_DESCRIPTION OF THE TASK_
Every line of the records counts; transcribe each one exactly.

_DATA SUPPLIED_

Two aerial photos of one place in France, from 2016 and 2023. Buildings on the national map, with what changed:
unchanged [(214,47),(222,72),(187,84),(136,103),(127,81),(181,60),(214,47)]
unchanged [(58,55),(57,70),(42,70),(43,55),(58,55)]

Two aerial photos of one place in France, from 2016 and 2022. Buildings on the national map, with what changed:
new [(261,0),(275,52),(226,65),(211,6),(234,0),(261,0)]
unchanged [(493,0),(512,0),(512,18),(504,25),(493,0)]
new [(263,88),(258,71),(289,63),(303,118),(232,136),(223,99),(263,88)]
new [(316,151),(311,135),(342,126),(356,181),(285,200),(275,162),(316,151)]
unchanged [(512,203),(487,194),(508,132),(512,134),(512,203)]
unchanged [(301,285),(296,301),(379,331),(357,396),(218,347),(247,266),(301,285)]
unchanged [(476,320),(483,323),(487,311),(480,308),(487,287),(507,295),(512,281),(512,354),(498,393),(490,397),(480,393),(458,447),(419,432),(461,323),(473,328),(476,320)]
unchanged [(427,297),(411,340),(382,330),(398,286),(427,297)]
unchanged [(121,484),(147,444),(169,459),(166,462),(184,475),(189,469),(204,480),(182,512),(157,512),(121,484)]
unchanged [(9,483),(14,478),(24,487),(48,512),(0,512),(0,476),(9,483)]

_PROBLEM SOLUTION_
Two aerial photos of one place in France, from 2016 and 2023. Buildings on the national map, with what changed:
unchanged [(214,47),(222,72),(187,84),(136,103),(127,81),(181,60),(214,47)]
unchanged [(58,55),(57,70),(42,70),(43,55),(58,55)]

Two aerial photos of one place in France, from 2016 and 2022. Buildings on the national map, with what changed:
new [(261,0),(275,52),(226,65),(211,6),(234,0),(261,0)]
unchanged [(493,0),(512,0),(512,18),(504,25),(493,0)]
new [(263,88),(258,71),(289,63),(303,118),(232,136),(223,99),(263,88)]
new [(316,151),(311,135),(342,126),(356,181),(285,200),(275,162),(316,151)]
unchanged [(512,203),(487,194),(508,132),(512,134),(512,203)]
unchanged [(301,285),(296,301),(379,331),(357,396),(218,347),(247,266),(301,285)]
unchanged [(476,320),(483,323),(487,311),(480,308),(487,287),(507,295),(512,281),(512,354),(498,393),(490,397),(480,393),(458,447),(419,432),(461,323),(473,328),(476,320)]
unchanged [(427,297),(411,340),(382,330),(398,286),(427,297)]
unchanged [(121,484),(147,444),(169,459),(166,462),(184,475),(189,469),(204,480),(182,512),(157,512),(121,484)]
unchanged [(9,483),(14,478),(24,487),(48,512),(0,512),(0,476),(9,483)]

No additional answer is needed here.